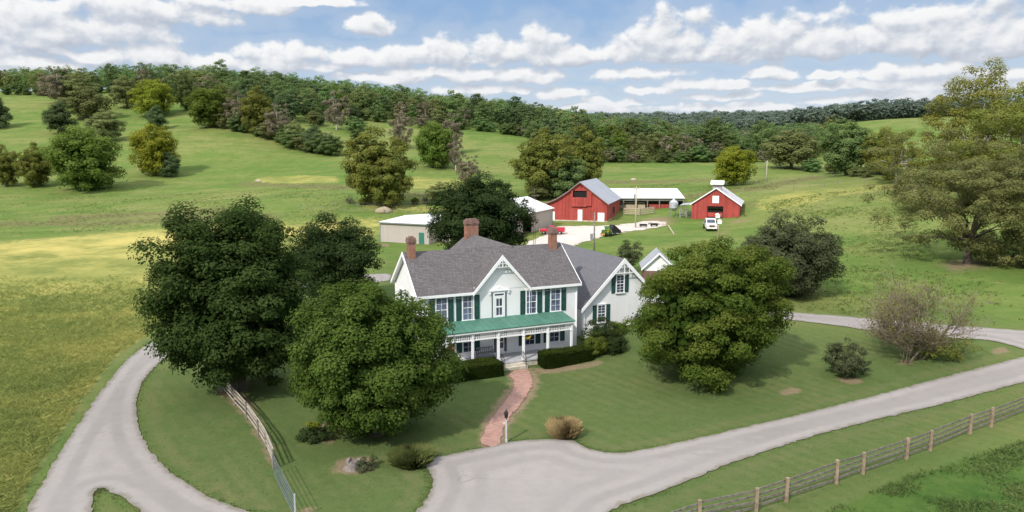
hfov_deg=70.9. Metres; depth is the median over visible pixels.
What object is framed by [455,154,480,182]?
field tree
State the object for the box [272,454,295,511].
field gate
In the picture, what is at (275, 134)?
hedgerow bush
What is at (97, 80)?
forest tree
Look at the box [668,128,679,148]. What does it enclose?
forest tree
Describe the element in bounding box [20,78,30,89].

---

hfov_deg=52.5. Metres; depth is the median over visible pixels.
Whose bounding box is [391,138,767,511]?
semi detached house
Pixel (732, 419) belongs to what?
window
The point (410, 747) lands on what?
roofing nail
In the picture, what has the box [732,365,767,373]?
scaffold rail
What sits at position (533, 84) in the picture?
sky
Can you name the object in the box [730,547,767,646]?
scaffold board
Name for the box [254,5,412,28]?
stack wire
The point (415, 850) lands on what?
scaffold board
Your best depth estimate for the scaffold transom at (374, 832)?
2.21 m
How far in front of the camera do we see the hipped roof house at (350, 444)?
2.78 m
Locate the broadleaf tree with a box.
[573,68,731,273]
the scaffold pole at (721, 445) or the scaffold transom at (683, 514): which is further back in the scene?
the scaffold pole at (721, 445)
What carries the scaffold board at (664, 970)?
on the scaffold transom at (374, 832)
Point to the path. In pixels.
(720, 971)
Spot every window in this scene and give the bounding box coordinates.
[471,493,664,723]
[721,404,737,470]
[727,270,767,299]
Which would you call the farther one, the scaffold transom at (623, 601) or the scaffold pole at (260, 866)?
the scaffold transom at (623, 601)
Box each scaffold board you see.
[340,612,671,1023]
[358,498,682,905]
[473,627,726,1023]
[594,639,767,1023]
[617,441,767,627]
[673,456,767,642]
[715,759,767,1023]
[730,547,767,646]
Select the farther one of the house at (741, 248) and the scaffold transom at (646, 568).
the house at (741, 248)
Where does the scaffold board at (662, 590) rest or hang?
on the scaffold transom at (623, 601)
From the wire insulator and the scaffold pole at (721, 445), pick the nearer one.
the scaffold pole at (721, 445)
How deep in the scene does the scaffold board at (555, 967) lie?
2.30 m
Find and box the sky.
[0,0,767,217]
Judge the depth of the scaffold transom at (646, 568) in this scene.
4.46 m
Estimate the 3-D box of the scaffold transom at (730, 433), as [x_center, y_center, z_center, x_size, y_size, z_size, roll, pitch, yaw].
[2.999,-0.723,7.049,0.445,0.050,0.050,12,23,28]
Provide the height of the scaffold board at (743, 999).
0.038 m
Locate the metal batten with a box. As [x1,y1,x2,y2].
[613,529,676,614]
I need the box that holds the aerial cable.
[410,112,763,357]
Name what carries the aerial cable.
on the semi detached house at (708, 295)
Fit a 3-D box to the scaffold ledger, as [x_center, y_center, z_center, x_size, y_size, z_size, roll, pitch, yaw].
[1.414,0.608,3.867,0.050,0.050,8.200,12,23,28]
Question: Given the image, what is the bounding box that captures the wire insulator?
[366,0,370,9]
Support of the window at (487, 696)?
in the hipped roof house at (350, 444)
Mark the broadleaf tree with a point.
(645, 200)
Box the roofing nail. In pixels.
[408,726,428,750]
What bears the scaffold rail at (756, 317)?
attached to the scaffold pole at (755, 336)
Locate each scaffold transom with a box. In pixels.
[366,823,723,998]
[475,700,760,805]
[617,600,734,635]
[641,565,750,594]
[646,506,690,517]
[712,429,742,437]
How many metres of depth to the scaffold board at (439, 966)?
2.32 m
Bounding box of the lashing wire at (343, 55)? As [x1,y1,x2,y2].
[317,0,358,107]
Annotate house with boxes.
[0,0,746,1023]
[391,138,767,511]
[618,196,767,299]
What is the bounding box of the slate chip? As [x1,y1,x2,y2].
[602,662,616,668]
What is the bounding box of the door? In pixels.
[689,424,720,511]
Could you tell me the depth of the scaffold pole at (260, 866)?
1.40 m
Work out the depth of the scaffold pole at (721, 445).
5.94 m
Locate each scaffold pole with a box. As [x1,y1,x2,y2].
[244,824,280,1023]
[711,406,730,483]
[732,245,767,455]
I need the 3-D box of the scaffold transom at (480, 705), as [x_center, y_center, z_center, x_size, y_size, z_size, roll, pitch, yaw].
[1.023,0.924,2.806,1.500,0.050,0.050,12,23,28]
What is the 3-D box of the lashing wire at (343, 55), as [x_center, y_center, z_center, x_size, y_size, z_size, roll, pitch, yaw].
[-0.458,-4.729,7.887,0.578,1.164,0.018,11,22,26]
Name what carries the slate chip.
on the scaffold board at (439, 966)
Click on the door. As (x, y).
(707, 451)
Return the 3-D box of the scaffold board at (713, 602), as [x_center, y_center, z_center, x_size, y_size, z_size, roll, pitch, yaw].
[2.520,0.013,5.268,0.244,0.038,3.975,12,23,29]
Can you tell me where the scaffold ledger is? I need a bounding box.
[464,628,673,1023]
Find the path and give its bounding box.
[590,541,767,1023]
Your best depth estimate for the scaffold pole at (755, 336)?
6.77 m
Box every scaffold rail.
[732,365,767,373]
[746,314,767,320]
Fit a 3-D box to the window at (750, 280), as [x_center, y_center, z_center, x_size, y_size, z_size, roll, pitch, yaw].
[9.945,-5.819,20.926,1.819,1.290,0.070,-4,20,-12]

• WHAT YOU HAVE TO DO: Extract from the listing above the lines between the line containing "Find the path and give its bounding box." and the line containing "[9.945,-5.819,20.926,1.819,1.290,0.070,-4,20,-12]", keeping both of those lines. Output nothing else.

• TASK RESULT:
Find the path and give its bounding box.
[590,541,767,1023]
Your best depth estimate for the scaffold pole at (755, 336)?
6.77 m
Box every scaffold rail.
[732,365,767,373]
[746,314,767,320]
Fit a 3-D box to the window at (750, 280), as [x_center, y_center, z_center, x_size, y_size, z_size, roll, pitch, yaw].
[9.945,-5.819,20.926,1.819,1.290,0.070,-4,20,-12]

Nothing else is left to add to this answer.